West Texas Intermediate futures have struggled for direction this week, erasing earlier losses to trade little changed on Thursday. Hangzhou is the latest Chinese city to start mass virus testing, while the nation’s top state-run oil processor said during an earnings call that the resurgence was slowing fuel demand.
The oil market has been gripped by a volatile period of trading since Russia’s invasion of Ukraine in late February and the more recent Covid-19 comeback in China. Traders are also grappling with just how big the hit to Russian supply will be. Surging oil product prices — U.S. diesel futures are at a record — point to a tight underlying market for refined products.
“It is remarkable how we end up with this sideways trading,” said Hans van Cleef, senior energy economist at ABN Amro. “The lower demand due to the Chinese lockdowns is fully balancing out the supply fears of lower exports from Russia.”
Russia’s finance minister said the nation’s oil output may drop by as much as 17% this year as buyers shun its crude. The U.S. and U.K. are banning imports from the OPEC+ producer, while the European Union discusses similar steps. Germany said it was prepared to back a gradual ban.
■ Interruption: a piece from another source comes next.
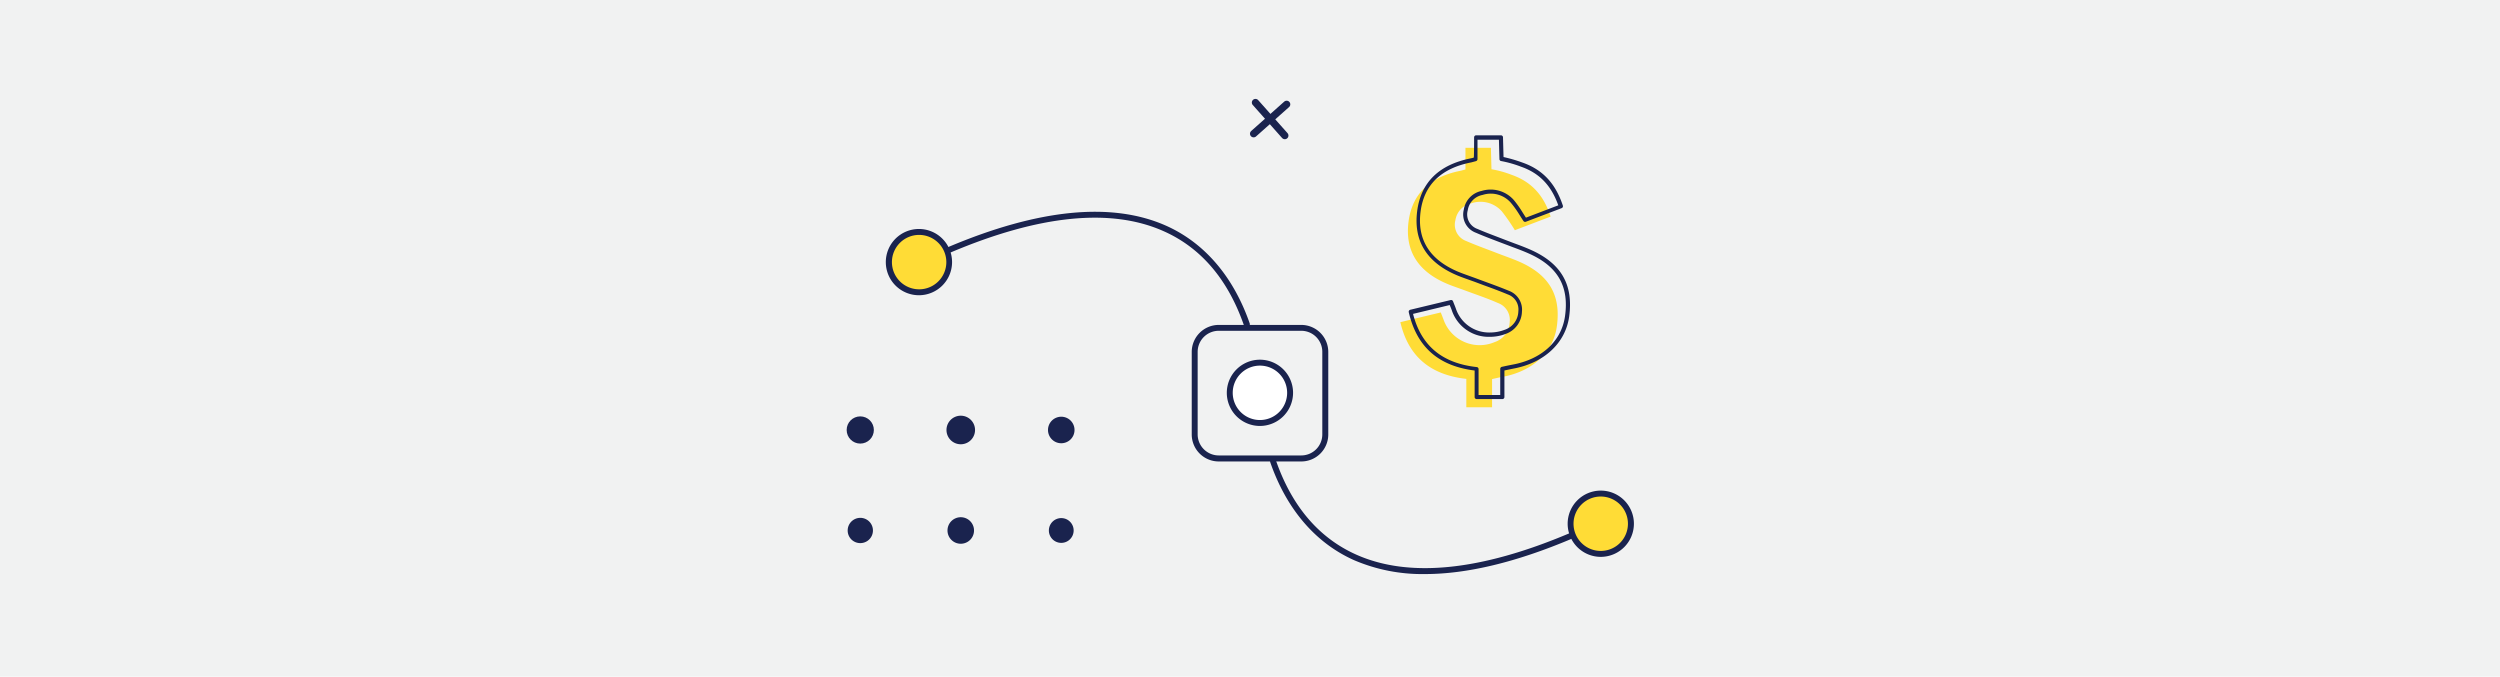 <svg id="Layer_1" data-name="Layer 1" xmlns="http://www.w3.org/2000/svg" viewBox="0 0 514.67 139.29"><defs><style>.cls-1{fill:#f1f2f2;}.cls-2{fill:#ffdc36;}.cls-3{fill:#fff;}.cls-4,.cls-5{fill:#1a234e;}.cls-5{stroke:#1a234e;stroke-linecap:round;stroke-linejoin:round;stroke-width:1.5px;}</style></defs><rect class="cls-1" x="-19.68" y="-28.81" width="540.49" height="201.92"/><path class="cls-2" d="M195.43,54a6.21,6.21,0,1,1-6.21-6.21A6.21,6.21,0,0,1,195.43,54Z"/><path class="cls-2" d="M335.75,107.82a6.21,6.21,0,1,1-6.21-6.21A6.21,6.21,0,0,1,335.75,107.82Z"/><circle class="cls-3" cx="259.25" cy="80.75" r="6.33"/><circle class="cls-4" cx="177.1" cy="88.52" r="2.8"/><path class="cls-4" d="M197.79,91.46a2.94,2.94,0,1,0-2.94-2.94A2.94,2.94,0,0,0,197.79,91.46Z"/><path class="cls-4" d="M218.48,91.25a2.73,2.73,0,1,0-2.73-2.73A2.73,2.73,0,0,0,218.48,91.25Z"/><path class="cls-4" d="M177.1,111.81a2.6,2.6,0,1,0-2.59-2.6A2.59,2.59,0,0,0,177.1,111.81Z"/><path class="cls-4" d="M197.79,111.94a2.73,2.73,0,1,0-2.73-2.73A2.73,2.73,0,0,0,197.79,111.94Z"/><path class="cls-4" d="M218.48,111.76a2.55,2.55,0,1,0-2.55-2.55A2.55,2.55,0,0,0,218.48,111.76Z"/><path class="cls-4" d="M267.89,95h-17a5.56,5.56,0,0,1-5.55-5.55v-17a5.57,5.57,0,0,1,5.55-5.56h17a5.57,5.57,0,0,1,5.56,5.56v17A5.56,5.56,0,0,1,267.89,95Zm-17-26.9a4.34,4.34,0,0,0-4.33,4.33v17a4.34,4.34,0,0,0,4.33,4.33h17a4.33,4.33,0,0,0,4.33-4.33v-17a4.33,4.33,0,0,0-4.33-4.33Z"/><path class="cls-4" d="M256.66,67.37a.62.62,0,0,1-.58-.41c-3.28-9.44-8.87-16-16.6-19.4-10.8-4.79-25.55-3.31-43.81,4.43a.61.61,0,1,1-.48-1.12C213.78,43,228.85,41.51,240,46.44c7.95,3.53,13.91,10.48,17.27,20.12a.6.6,0,0,1-.38.77A.48.48,0,0,1,256.66,67.37Z"/><path class="cls-4" d="M189.22,60.78A6.82,6.82,0,1,1,196,54,6.83,6.83,0,0,1,189.22,60.78Zm0-12.42a5.6,5.6,0,1,0,5.6,5.6A5.61,5.61,0,0,0,189.22,48.36Z"/><path class="cls-4" d="M259.38,87.69a6.82,6.82,0,1,1,6.82-6.82A6.83,6.83,0,0,1,259.38,87.69Zm0-12.42a5.6,5.6,0,1,0,5.6,5.6A5.6,5.6,0,0,0,259.38,75.27Z"/><path class="cls-4" d="M293.36,118.18a35.62,35.62,0,0,1-14.58-2.85c-7.95-3.54-13.92-10.5-17.27-20.15a.61.61,0,1,1,1.16-.4c3.28,9.45,8.87,16,16.61,19.43,10.81,4.8,25.55,3.31,43.82-4.43a.62.62,0,0,1,.8.33.61.61,0,0,1-.33.8C312.14,115.75,302,118.18,293.36,118.18Z"/><path class="cls-4" d="M329.55,114.64a6.82,6.82,0,1,1,6.82-6.82A6.83,6.83,0,0,1,329.55,114.64Zm0-12.42a5.6,5.6,0,1,0,5.59,5.6A5.6,5.6,0,0,0,329.55,102.22Z"/><path class="cls-2" d="M320.5,67.22c-.74,5.31-5,9.23-11.18,10.36-.67.12-1.34.28-2.15.46v5.8h-5.3V78c-7.63-.85-12-4.83-13.58-11.68l8.32-2c.21.56.43,1.07.61,1.59a7.88,7.88,0,0,0,10.47,4.52,4.54,4.54,0,0,0,3.11-4.17,3.69,3.69,0,0,0-2.42-3.88c-2.26-1-4.59-1.76-6.9-2.63-1.21-.45-2.46-.85-3.65-1.36-6-2.56-8.61-6.84-7.86-12.73.73-5.73,4.36-9.27,10.79-10.52l.93-.25V30.43h5.24l.12,4.41A21.82,21.82,0,0,1,311.22,36c4.28,1.5,6.68,4.47,8,8.59l-7.36,2.8a39,39,0,0,0-2.68-3.88A5.88,5.88,0,0,0,303,41.82a4.23,4.23,0,0,0-3.38,3.51,3.58,3.58,0,0,0,2.23,4.29c1.94.84,3.93,1.56,5.91,2.32,1.65.65,3.35,1.22,5,1.93C319,56.61,321.39,60.85,320.5,67.22Z"/><path class="cls-4" d="M309.27,82.16H304a.42.42,0,0,1-.42-.42V76.28c-7.46-.94-11.9-4.85-13.56-12a.42.42,0,0,1,.31-.51l8.31-2a.42.42,0,0,1,.49.25l.21.54c.15.36.29.72.41,1.07a7.2,7.2,0,0,0,7,4.82,8.53,8.53,0,0,0,3-.55,4.12,4.12,0,0,0,2.83-3.81,3.27,3.27,0,0,0-2.16-3.47c-1.62-.68-3.3-1.3-4.93-1.89l-1.95-.73-1.29-.46c-.79-.28-1.6-.57-2.38-.9-6.17-2.64-8.9-7.07-8.12-13.17.76-5.93,4.5-9.59,11.13-10.89a5.19,5.19,0,0,0,.52-.14c.07,0,.07-4.16.07-4.16a.42.42,0,0,1,.42-.42H309a.42.42,0,0,1,.42.41l.11,4.06a29.84,29.84,0,0,1,3.9,1.14c4.14,1.45,6.78,4.26,8.31,8.85a.42.42,0,0,1-.25.53l-7.36,2.8a.42.42,0,0,1-.5-.15c-.29-.43-.56-.86-.83-1.29A19.5,19.5,0,0,0,311,41.7a5.48,5.48,0,0,0-5.78-1.57,3.79,3.79,0,0,0-3.06,3.17,3.16,3.16,0,0,0,2,3.83c1.39.6,2.83,1.15,4.23,1.68l1.66.64,1.69.64c1.09.4,2.21.82,3.3,1.3,6.36,2.81,8.9,7.19,8,13.79-.76,5.45-5.18,9.56-11.52,10.71l-1.4.29-.41.09v5.47A.42.42,0,0,1,309.27,82.16Zm-4.88-.84h4.46V75.93a.43.43,0,0,1,.33-.41l.74-.16c.51-.11,1-.21,1.43-.29,6.07-1.11,10.12-4.85,10.84-10,.86-6.16-1.52-10.26-7.5-12.9-1.05-.47-2.17-.89-3.25-1.29l-1.69-.64-1.66-.63c-1.41-.54-2.86-1.09-4.26-1.7a4,4,0,0,1-2.48-4.75A4.64,4.64,0,0,1,305,39.31a6.36,6.36,0,0,1,6.62,1.84,21.48,21.48,0,0,1,1.88,2.66c.21.33.42.66.64,1l6.66-2.54c-1.45-4.1-3.89-6.63-7.66-7.95a23.5,23.5,0,0,0-4.08-1.16.41.41,0,0,1-.37-.4l-.11-4h-4.41v4a.43.43,0,0,1-.31.41l-.36.1-.6.16c-6.23,1.21-9.75,4.64-10.45,10.16-.73,5.69,1.83,9.82,7.61,12.3.76.32,1.56.6,2.33.88l1.3.47,1.95.72c1.64.6,3.33,1.22,5,1.91a4.13,4.13,0,0,1,2.68,4.3A5,5,0,0,1,310,68.73a9.06,9.06,0,0,1-3.27.61A8,8,0,0,1,298.92,64c-.11-.34-.25-.68-.39-1l-.08-.2-7.55,1.82c1.68,6.57,6,10.16,13.12,10.95a.41.41,0,0,1,.37.42Z"/><line class="cls-5" x1="264.5" y1="27.91" x2="258.46" y2="21.11"/><line class="cls-5" x1="258.08" y1="27.53" x2="264.88" y2="21.48"/></svg>

It’s not just diesel markets that have been strong of late. On Wednesday profits from turning crude into gasoline were the highest since 2013 in the U.S. That came after inventories of the fuel fell for a fourth week.
The U.S. East Coast is bearing the brunt of the tightness in part because shrinking refining capacity has led to increased reliance on U.S. Gulf Coast shipments. However, Gulf Coast processors are instead exporting more fuel at a premium as buyers in Latin America and Europe replace Russian supply.